Normal left ventricular performance in children with X-linked hypophosphatemic rickets: a Doppler echocardiography study.

Author information

1
Metabolic Research Unit, Shriners Hospital for Crippled Children, St. Louis, MO 63131.

Abstract

To determine if chronic hypophosphatemia causes myocardial dysfunction, we explored one model for this metabolic derangement by prospectively investigating 11 patients (aged 5-18 years) with X-linked hypophosphatemic rickets (XLH) by M-mode, two-dimensional, and Doppler echocardiography. Inorganic phosphate and calcitriol (1,25-dihydroxyvitamin D3) treatment was withheld 72 h prior to study. None of the patients had cardiovascular symptoms.

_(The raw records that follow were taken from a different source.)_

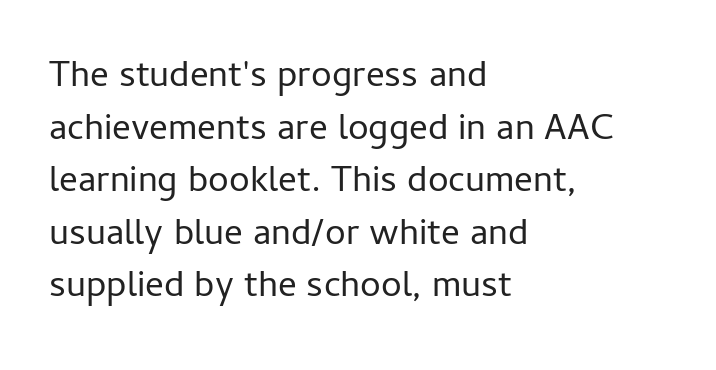
{"serif": "no", "italic": "no", "bold": "no", "weight": "regular", "width": "normal", "stroke_contrast": "low", "x_height": "medium", "monospaced": "no", "underline": "no", "align": "left", "line_spacing": "normal", "line_spacing_ratio": 1.42, "letter_spacing": "normal", "letter_spacing_em": 0.0, "glyph_px": 37}
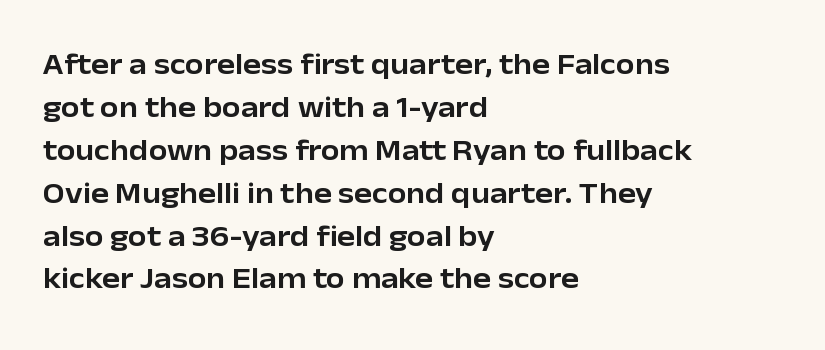
{"serif": "no", "italic": "no", "width": "normal", "stroke_contrast": "low", "x_height": "medium", "monospaced": "no", "underline": "no", "align": "left", "line_spacing": "normal", "line_spacing_ratio": 1.43, "letter_spacing": "normal", "letter_spacing_em": 0.0, "glyph_px": 30}
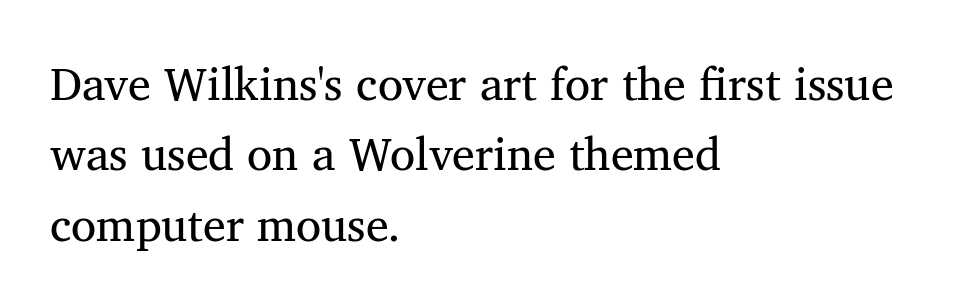
{"serif": "yes", "italic": "no", "bold": "no", "weight": "regular", "width": "normal", "stroke_contrast": "medium", "x_height": "medium", "monospaced": "no", "underline": "no", "align": "left", "line_spacing": "normal", "line_spacing_ratio": 1.53, "letter_spacing": "normal", "letter_spacing_em": 0.0, "glyph_px": 46}
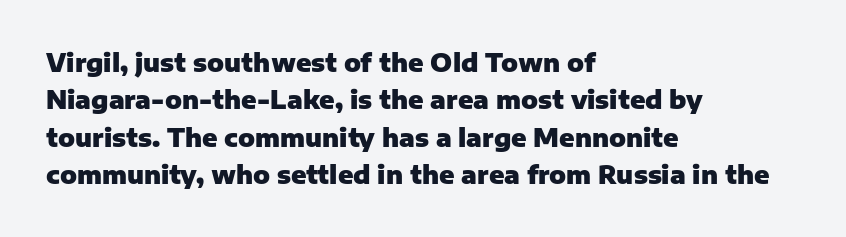
Q: Is the text bold? A: Yes.
Q: Is the text italic (slanted)? A: No, it is upright.
Q: Is the text underlined? A: No.
Q: How is the paragraph aligned? A: Left-aligned.
Q: Is the spacing between letters normal or unusually wide? A: Normal.
Q: Is the spacing between lines tight, normal or loose? A: Normal.
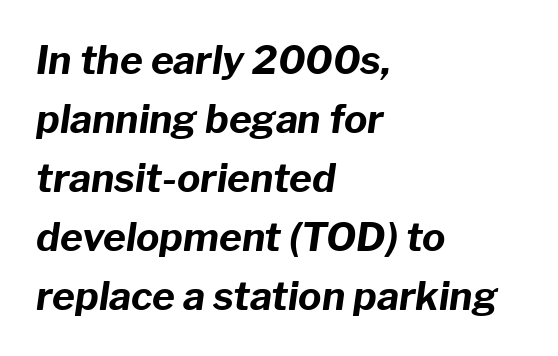
The image shows 39 px bold type, italic (leaning right); set left-aligned, normal line spacing (1.51x), normal letter spacing, not underlined; low stroke contrast and a medium x-height.
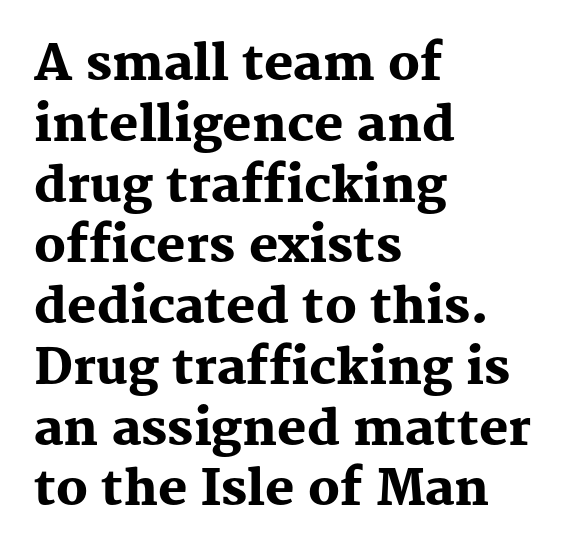
Q: Is the text bold? A: Yes.
Q: Is the text italic (slanted)? A: No, it is upright.
Q: Is the typeface a serif or a sans-serif typeface? A: Serif.
Q: Is the text underlined? A: No.
Q: How is the paragraph aligned? A: Left-aligned.
Q: Is the spacing between letters normal or unusually wide? A: Normal.
Q: Width (condensed, normal, or wide)? A: Normal.
Q: Stroke contrast? A: Medium.
Q: x-height? A: Medium.
Q: Monospaced? A: No.
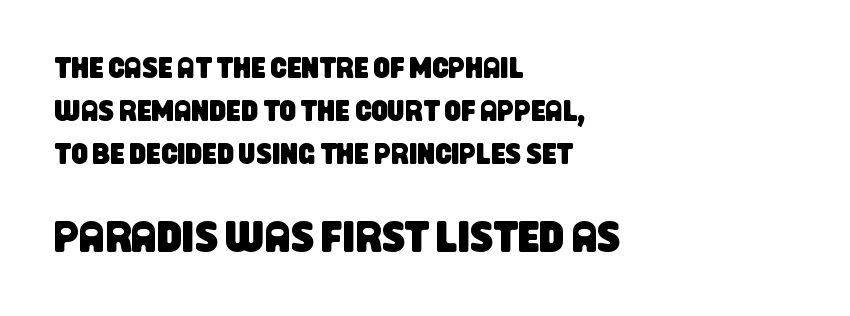
Casual observation: everything's shoved over to the left. Nothing unusual about the tracking: characters are spaced as the font intends. Descender tails drop into unmarked territory. The letters advance in unequal steps, a hallmark of proportional type. Serif or sans? Sans — the stroke terminals are bare. This block has exactly the height ordinary leading produces.
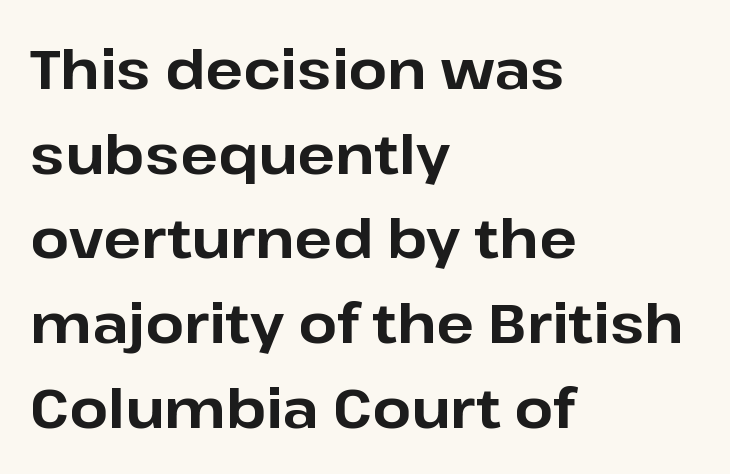
{"serif": "no", "italic": "no", "bold": "yes", "weight": "bold", "width": "normal", "stroke_contrast": "low", "x_height": "medium", "monospaced": "no", "underline": "no", "align": "left", "line_spacing": "normal", "line_spacing_ratio": 1.54, "letter_spacing": "normal", "letter_spacing_em": 0.0, "glyph_px": 55}
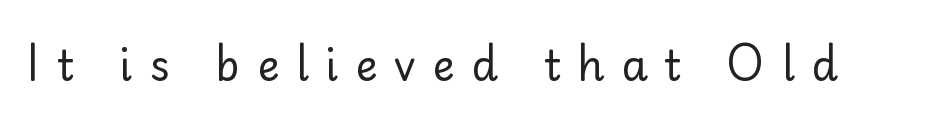
{"serif": "no", "italic": "no", "bold": "no", "weight": "regular", "width": "normal", "stroke_contrast": "low", "x_height": "small", "monospaced": "no", "underline": "no", "letter_spacing": "wide", "letter_spacing_em": 0.4, "glyph_px": 42}
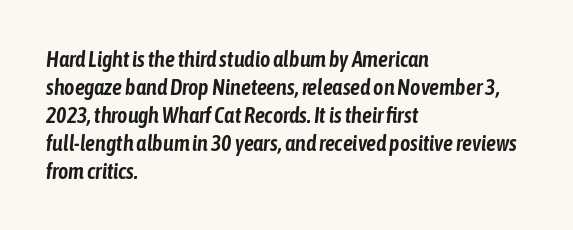
Q: Is the text italic (slanted)? A: Yes, it leans right by about 6 degrees.
Q: Is the text underlined? A: No.
Q: How is the paragraph aligned? A: Left-aligned.
Q: Is the spacing between letters normal or unusually wide? A: Normal.
Q: Is the spacing between lines tight, normal or loose? A: Normal.
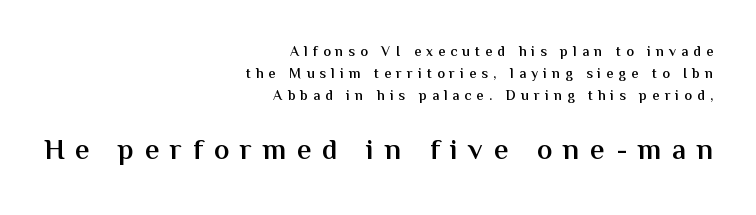
Q: Is the text bold? A: Semi-bold.
Q: Is the text italic (slanted)? A: No, it is upright.
Q: Is the typeface a serif or a sans-serif typeface? A: Sans-serif.
Q: Is the text underlined? A: No.
Q: How is the paragraph aligned? A: Right-aligned.
Q: Is the spacing between letters normal or unusually wide? A: Unusually wide.
Q: Is the spacing between lines tight, normal or loose? A: Normal.
Q: Which block of text is set in a larger size, the first (top) or the second (bottom)? A: The second (bottom) one.
Q: Width (condensed, normal, or wide)? A: Normal.
Q: Stroke contrast? A: Medium.
Q: x-height? A: Medium.
Q: Monospaced? A: No.

Fasting serum inorganic phosphate concentrations were subnormal in all: 2.6 +/- 0.5 mg/dl (SD). Serum total and ionized calcium, magnesium, sodium, potassium, and creatine kinase myocardial fraction (CK-MB) levels were unremarkable. Electrocardiograms revealed early repolarization abnormalities in 3 of the 11 patients: 1 had significant QT prolongation (corrected for heart rate), and 2 had T wave abnormalities. Exaggerated U waves occurred in 4 subjects. Resting echocardiograms were normal in 9 patients. In 1 subject there was mitral valve prolapse, and 1 patient possibly had an atrial septal defect (these findings were considered unrelated to hypophosphatemia). All M-mode measurements were normal. The two-dimensionally derived end-diastolic and end-systolic left ventricular volumes were 60.3 +/- 18.0 and 20.5 +/- 6.9 ml, respectively. Left ventricular ejection fraction was 66.1 +/- 4.7%, and the cardiac index by Doppler study was 4.1 +/- 0.8 liters/min per m2 (both values were within normal limits). Although the precise pathogenesis of XLH is unknown and our findings suggest that some electrocardiographic abnormalities may be common in this disorder, we found no evidence for left ventricular dysfunction in this human model of clinically significant long-standing hypophosphatemia.

PMID:
2368628
DOI:
10.1002/jbmr.5650050508
[Indexed for MEDLINE]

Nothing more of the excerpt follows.